While UST does not appear to enhance nucleation, it is clear that the application of ultrasound has an effect on the measured melt temperature. It was previously observed that the “Horn-No UST” specimens had finer grains than the “No Horn” specimens poured at the same start temperature (750 or 950 °C), indicative of a lower pouring temperature. However, the measured grain sizes in the “Horn-No UST” specimens were larger than what would be predicted for the sonicated specimens at equivalent treatment times as shown in
Figure 4. Considering the behavior of these experiments, it has already been stated that solid formed around the horn and therefore the casting was made from whatever liquid remained. In these cases, solidification begins rapidly at the surface of the unheated horn. Vigorous mixing is absent as UST was not applied and the chill therefore retards convection. Owing to this a thermal gradient develops with temperature near 750 or 950 °C at the crucible wall, and approximately the liquidus temperature (620 °C) in the mushy zone of the solid/liquid interface. The average liquid temperature must be somewhere between these extreme values with the average liquid temperature being high when there is little solid and decreasing as solid is formed. Though composition of the liquid becomes richer in solute with increasing solid fraction, this change in composition can be considered relatively small initially and it can be assumed that the average liquid temperature should always remain above the liquidus but decrease with longer immersion times.

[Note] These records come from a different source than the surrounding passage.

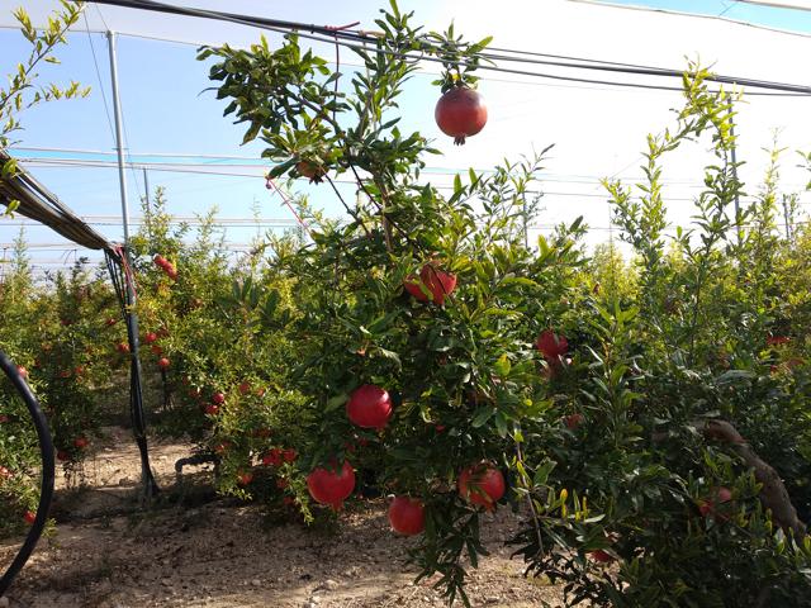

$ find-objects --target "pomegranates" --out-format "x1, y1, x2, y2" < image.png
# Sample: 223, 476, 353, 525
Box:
389, 495, 427, 536
297, 161, 324, 185
457, 467, 507, 514
698, 485, 732, 518
403, 267, 457, 304
435, 87, 488, 146
536, 331, 569, 364
308, 459, 357, 514
589, 548, 613, 562
348, 383, 394, 434
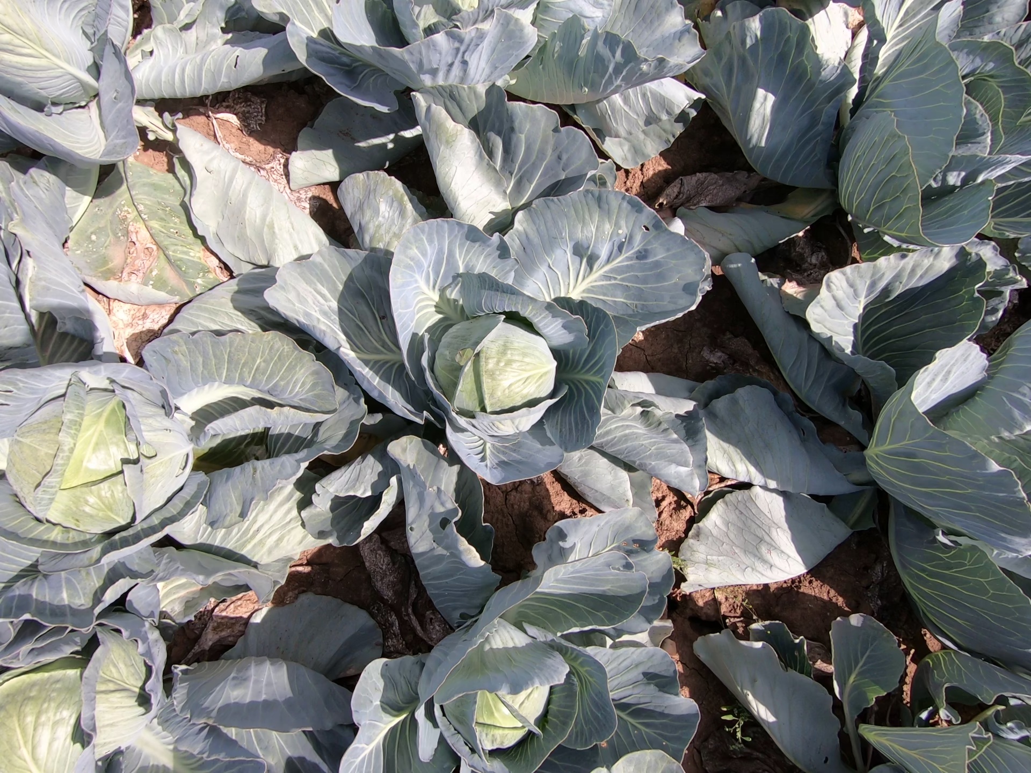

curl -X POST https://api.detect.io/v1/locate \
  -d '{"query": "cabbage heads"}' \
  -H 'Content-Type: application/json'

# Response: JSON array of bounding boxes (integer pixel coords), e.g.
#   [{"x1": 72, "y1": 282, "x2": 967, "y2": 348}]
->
[
  {"x1": 4, "y1": 386, "x2": 181, "y2": 537},
  {"x1": 1, "y1": 654, "x2": 124, "y2": 772},
  {"x1": 393, "y1": 1, "x2": 538, "y2": 64},
  {"x1": 433, "y1": 312, "x2": 556, "y2": 435},
  {"x1": 442, "y1": 629, "x2": 555, "y2": 753}
]
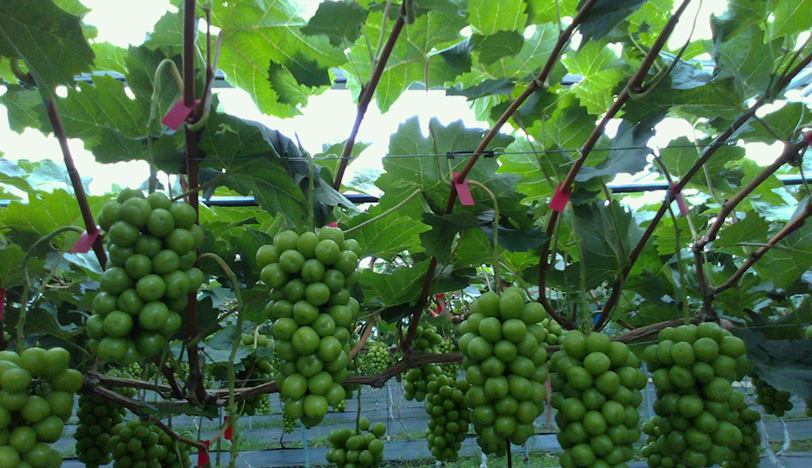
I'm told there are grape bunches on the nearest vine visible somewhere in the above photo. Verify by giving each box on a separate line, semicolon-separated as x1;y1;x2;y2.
549;329;647;467
255;226;360;429
643;322;746;467
459;288;548;447
85;187;203;367
1;347;81;467
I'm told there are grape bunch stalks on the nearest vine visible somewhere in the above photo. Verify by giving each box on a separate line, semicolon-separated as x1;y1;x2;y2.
16;225;77;351
146;58;183;192
667;199;690;324
304;152;316;231
567;205;590;333
468;179;501;294

Table 2 shows that the measured temperature of the liquid immediately after removing the horn was always above the liquidus and decreased with increasing immersion time, as expected.
In the experiments conducted at a starting temperature of 750 °C, where the horn was immersed without applying ultrasound, there was considerably less liquid to be cast as a result of the solid left on the horn. The grains that formed in those castings were large and columnar rather than fine and equiaxed as there was less time for grain multiplication by dendrite shear or stem remelting to occur. In the same experiments conducted at 950 °C, there was far less solid left on the horn and the pouring temperature was considerably higher than the liquidus, which could lead one to expect grain sizes to be commensurate with the sonicated specimens or the specimens cast at similar temperatures. However, despite the higher starting temperature, the chill quickly creates columnar grains on its surface. Due to reduced convection at the chill surface, there is less grain multiplication and any dendrites that are dislodged by natural convection will likely be larger than in sonicated melts. Also, some of the grains at the solidification front, which are relatively large, would be expected to be dislodged when removing the horn. Therefore, the remaining liquid in this case contains large grains and nuclei which continue to grow after the liquid is poured into the mold, thus resulting in a larger grain size or a mixture of small and large grain sizes as reported by Khalifa
et al. [
9] in their samples treated below the liquidus.
When UST was applied, it is likely that roughly the same amount of solid formed as when it was not applied. However, mixing from the vibration of the horn causes considerably more nuclei to form as fine dendrites, rather than columnar grains. Due to vibration of the horn, the dendrites that form at the horn become dislodged at the solidification front and are distributed throughout the liquid, thereby forming a semi-solid slurry. Because mixing destroys temperature and concentration gradients, the average temperature of the metal in the crucible is that of the semi-solid, which is between the liquidus and solidus temperatures. As a result, the average temperature of the pourable material in the sonicated specimens (semi-solid at 610 °C) is lower than that of the pourable material that was not sonicated (liquid between 620 and 750 °C) resulting in finer grains.